* _INFORMATION GIVEN_

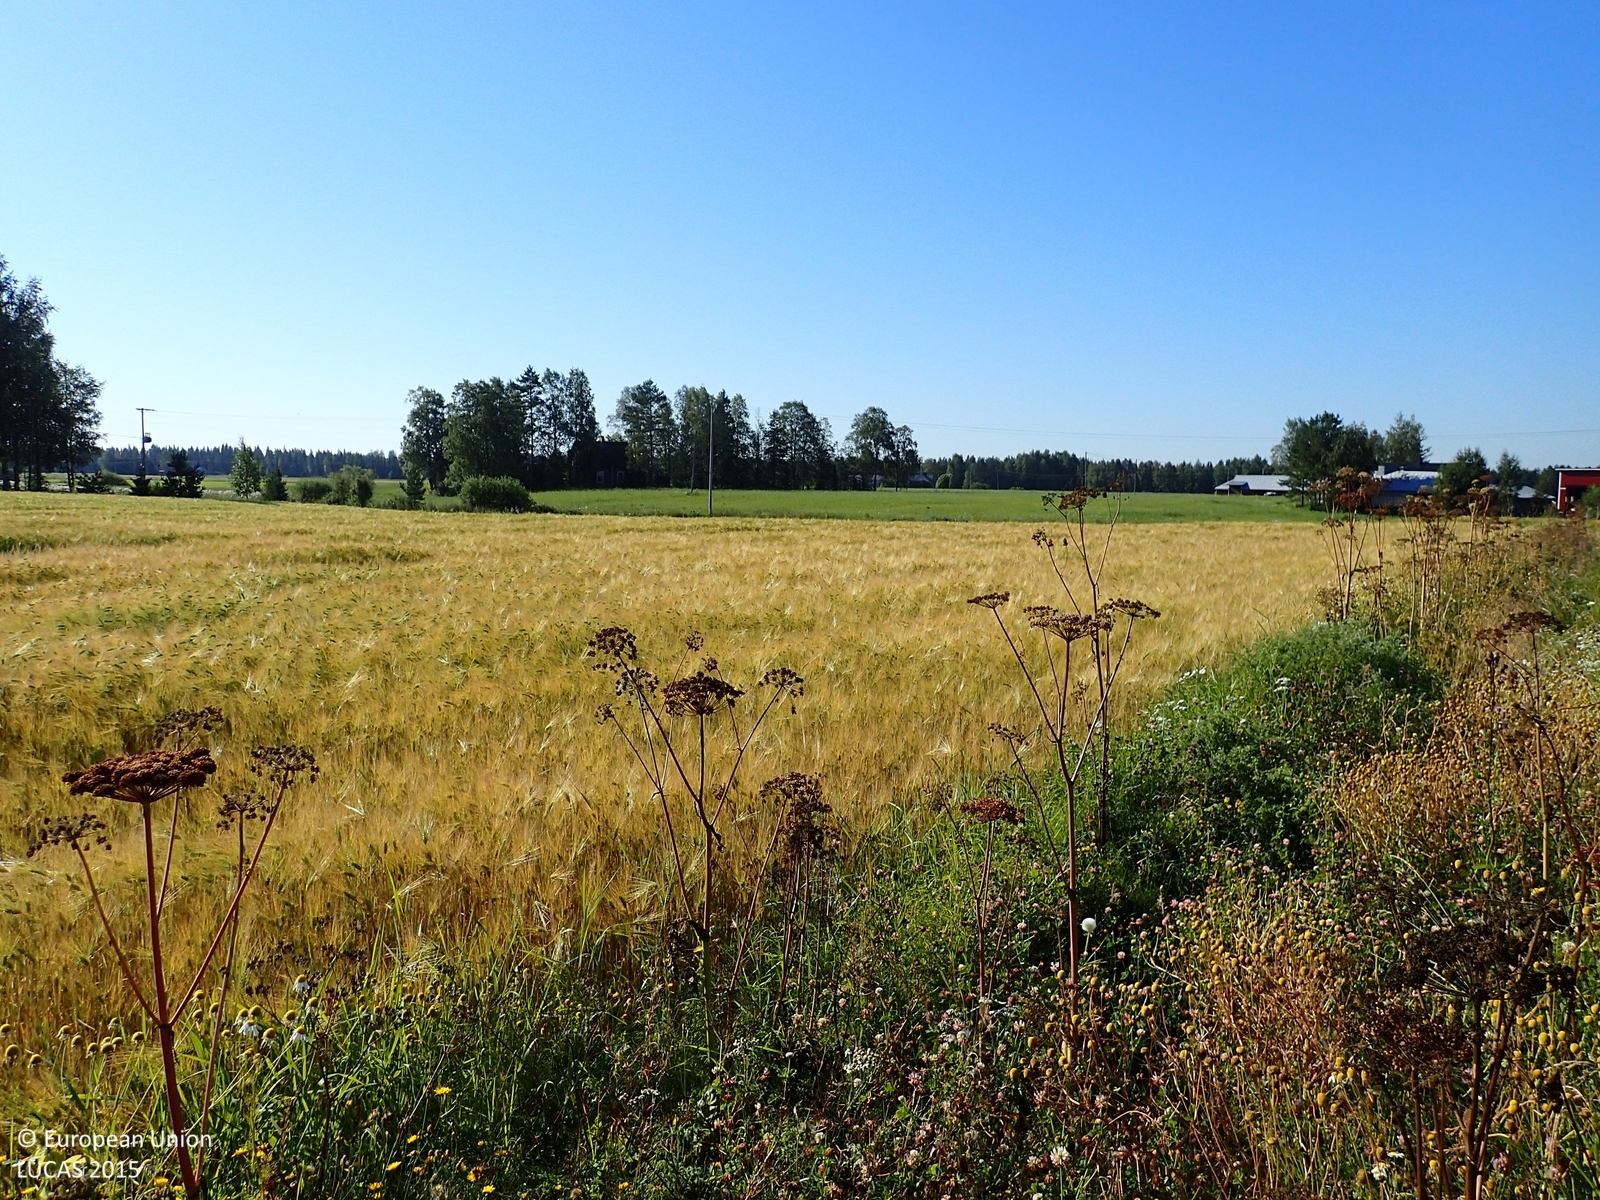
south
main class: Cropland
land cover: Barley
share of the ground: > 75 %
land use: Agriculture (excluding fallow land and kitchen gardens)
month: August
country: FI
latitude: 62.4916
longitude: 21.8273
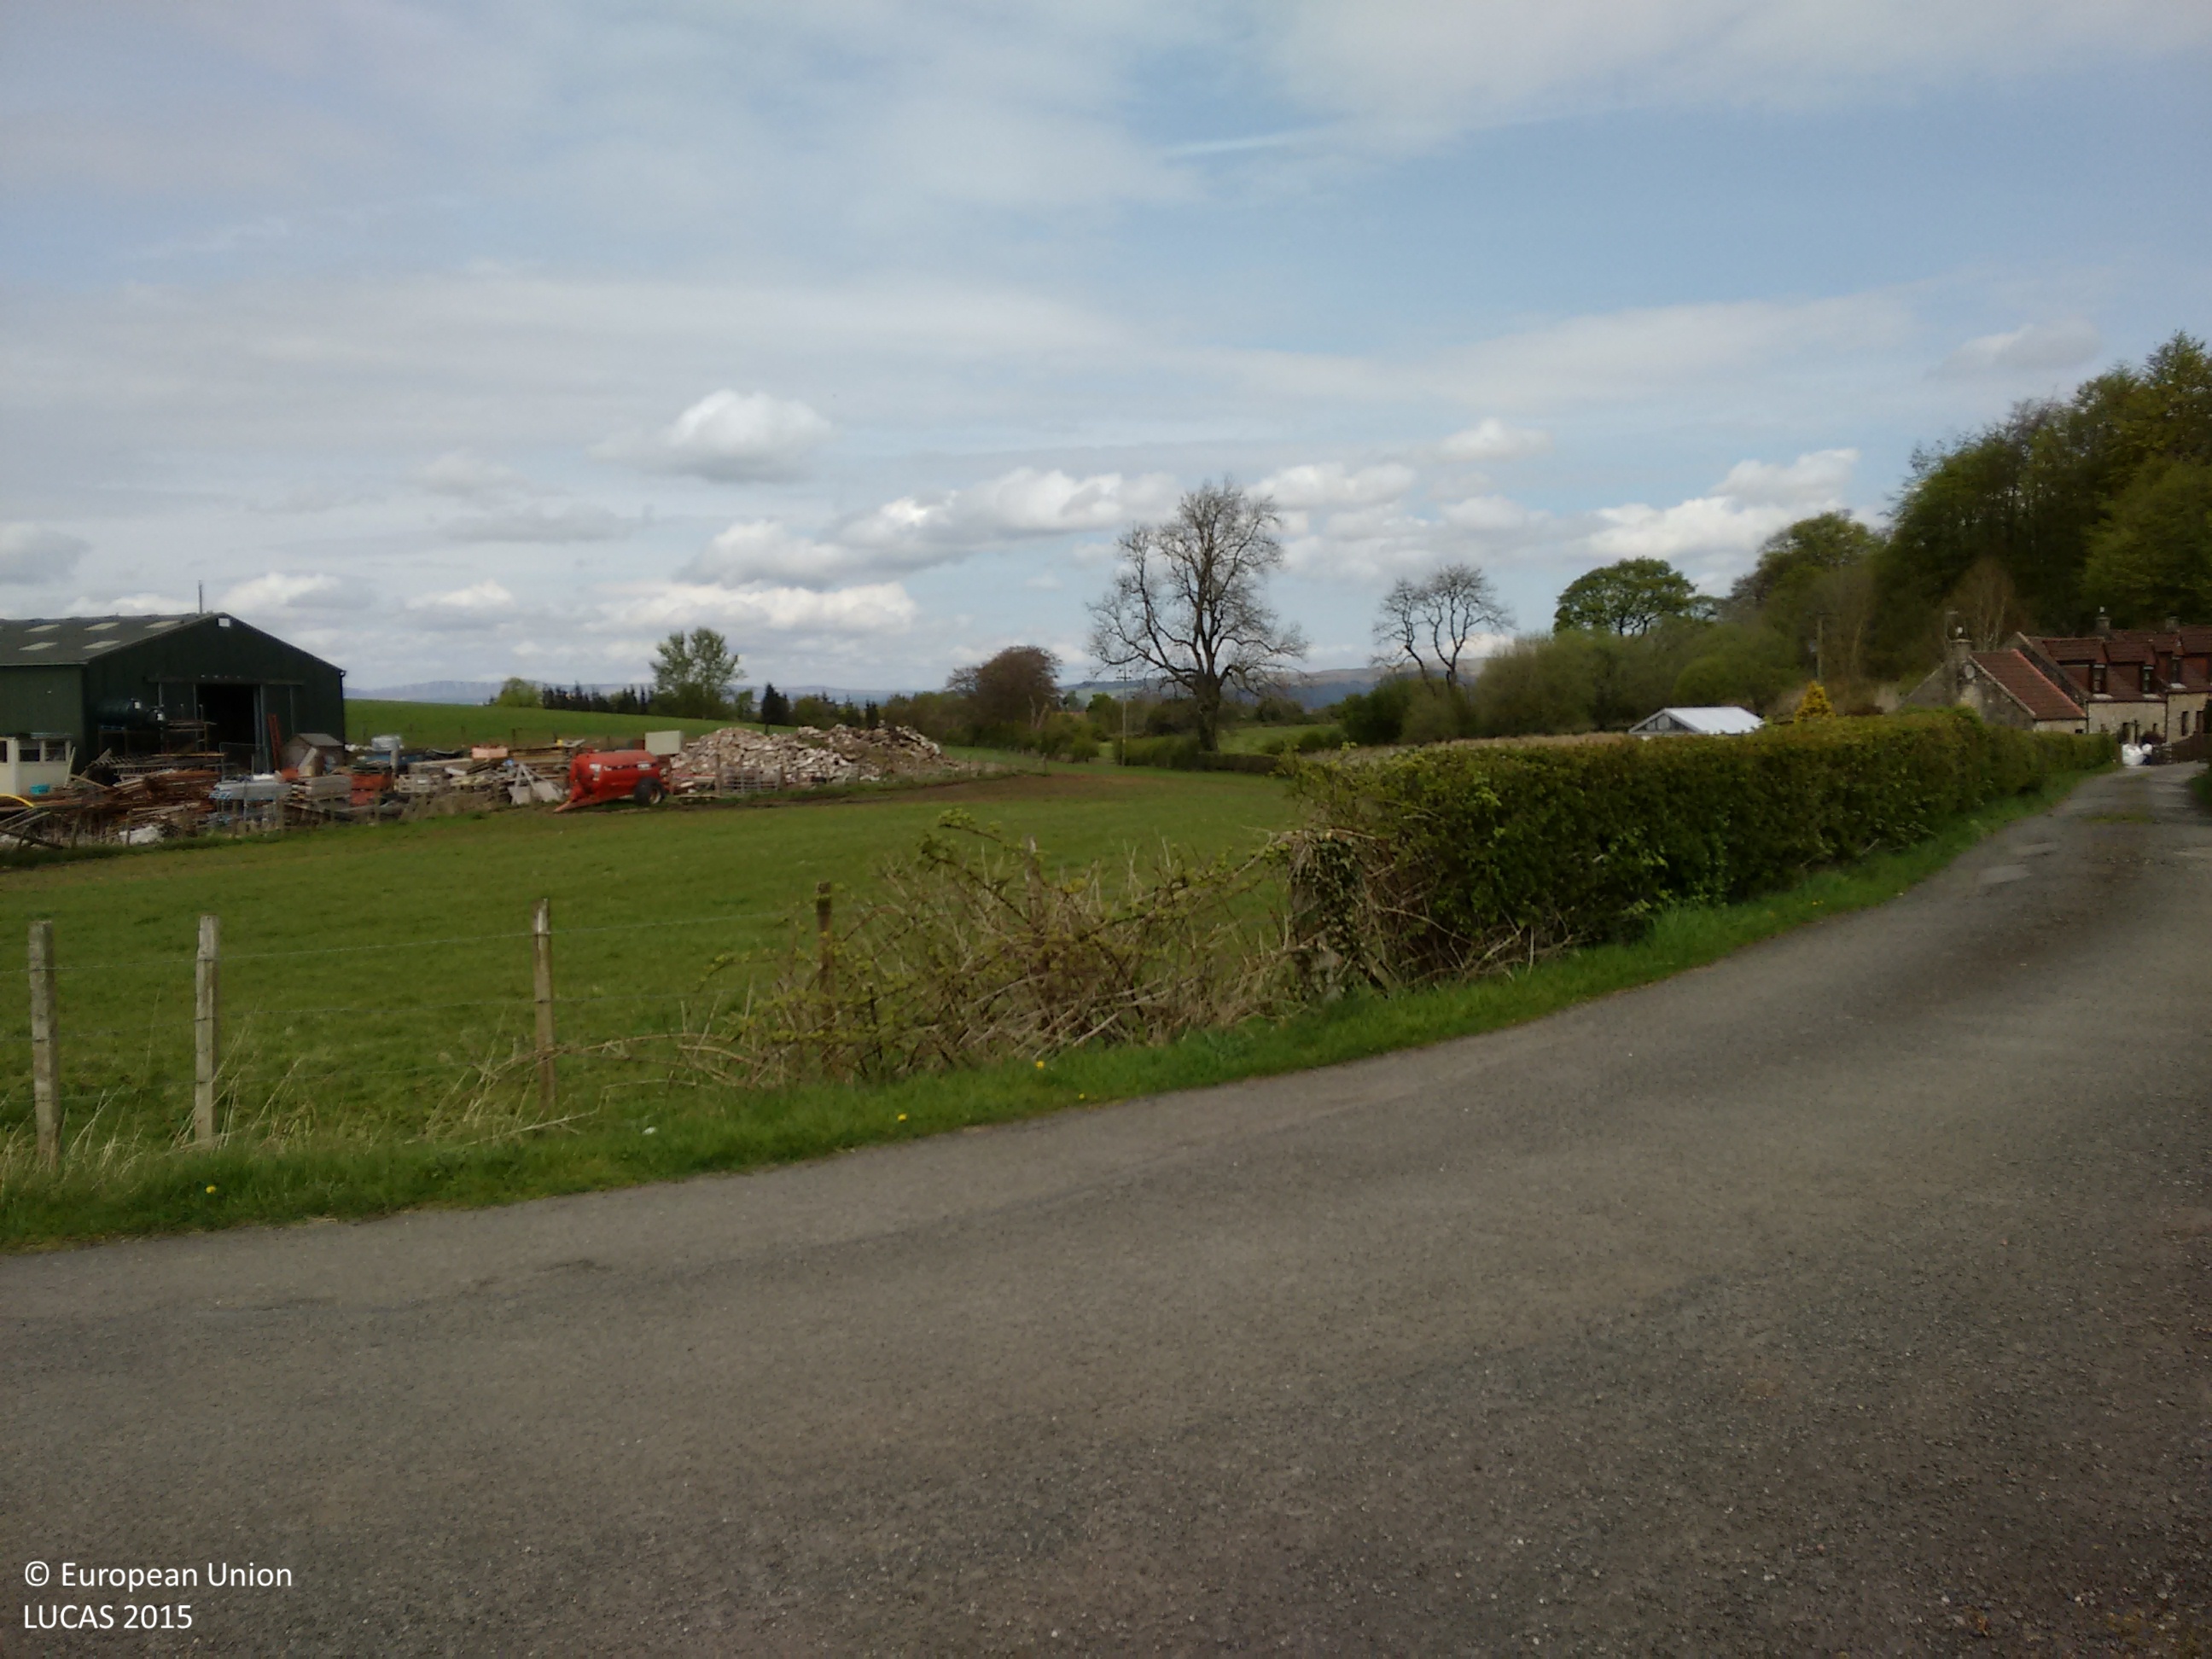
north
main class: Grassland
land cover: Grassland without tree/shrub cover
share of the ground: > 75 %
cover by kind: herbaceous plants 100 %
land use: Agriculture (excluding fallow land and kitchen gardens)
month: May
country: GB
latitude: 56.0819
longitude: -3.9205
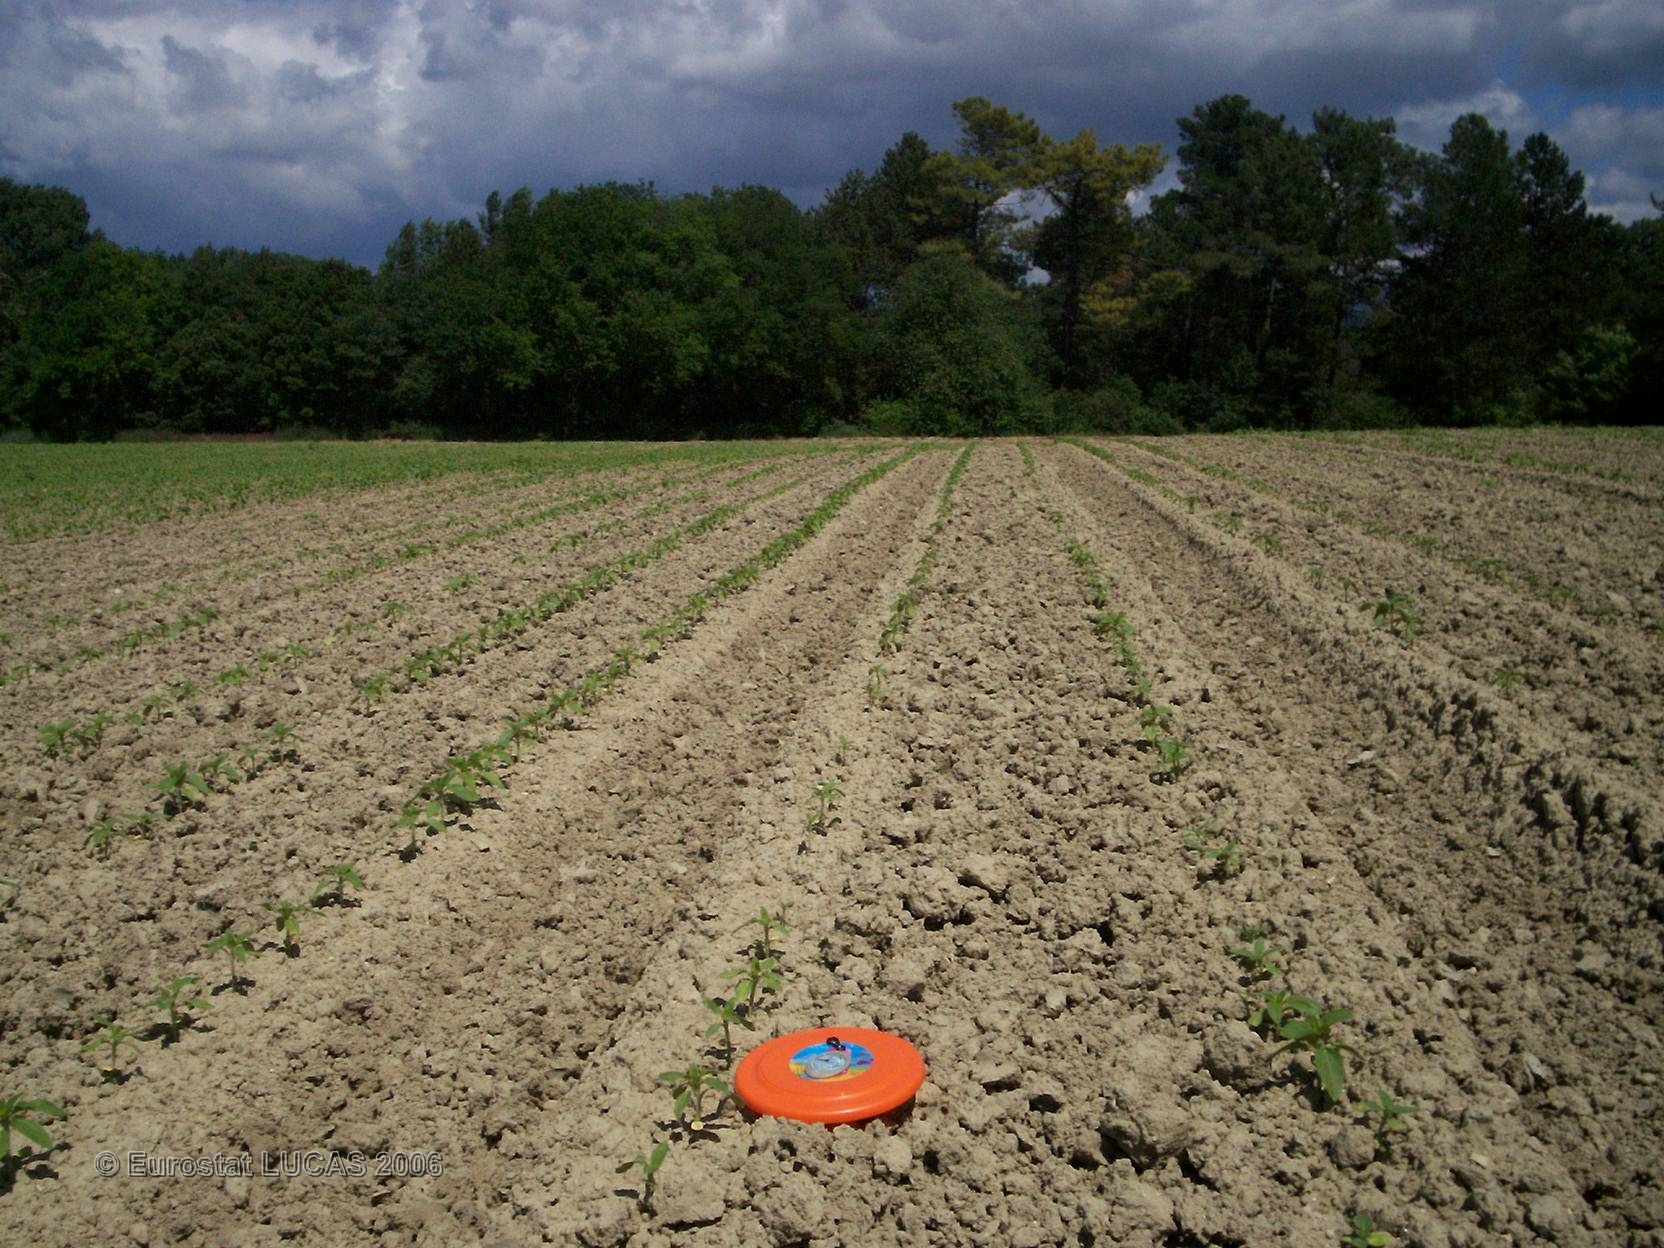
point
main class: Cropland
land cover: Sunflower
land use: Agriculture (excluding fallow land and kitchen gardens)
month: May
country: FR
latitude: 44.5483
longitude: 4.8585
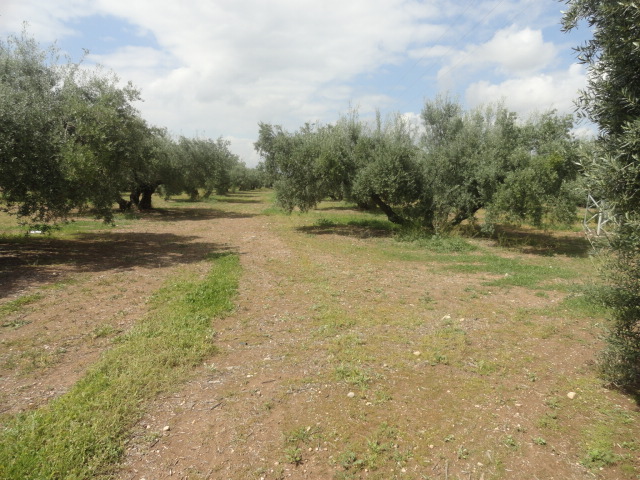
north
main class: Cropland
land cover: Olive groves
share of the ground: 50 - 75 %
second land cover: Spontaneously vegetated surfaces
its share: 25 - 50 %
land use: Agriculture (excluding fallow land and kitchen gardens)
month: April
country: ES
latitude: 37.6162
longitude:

* _YOUR INSTRUCTIONS_
The answer consists of the lines above that include the word "share", each copied exactly.

* _SOLVED PROBLEM_
share of the ground: > 75 %
share of the ground: > 75 %
share of the ground: 50 - 75 %
its share: 25 - 50 %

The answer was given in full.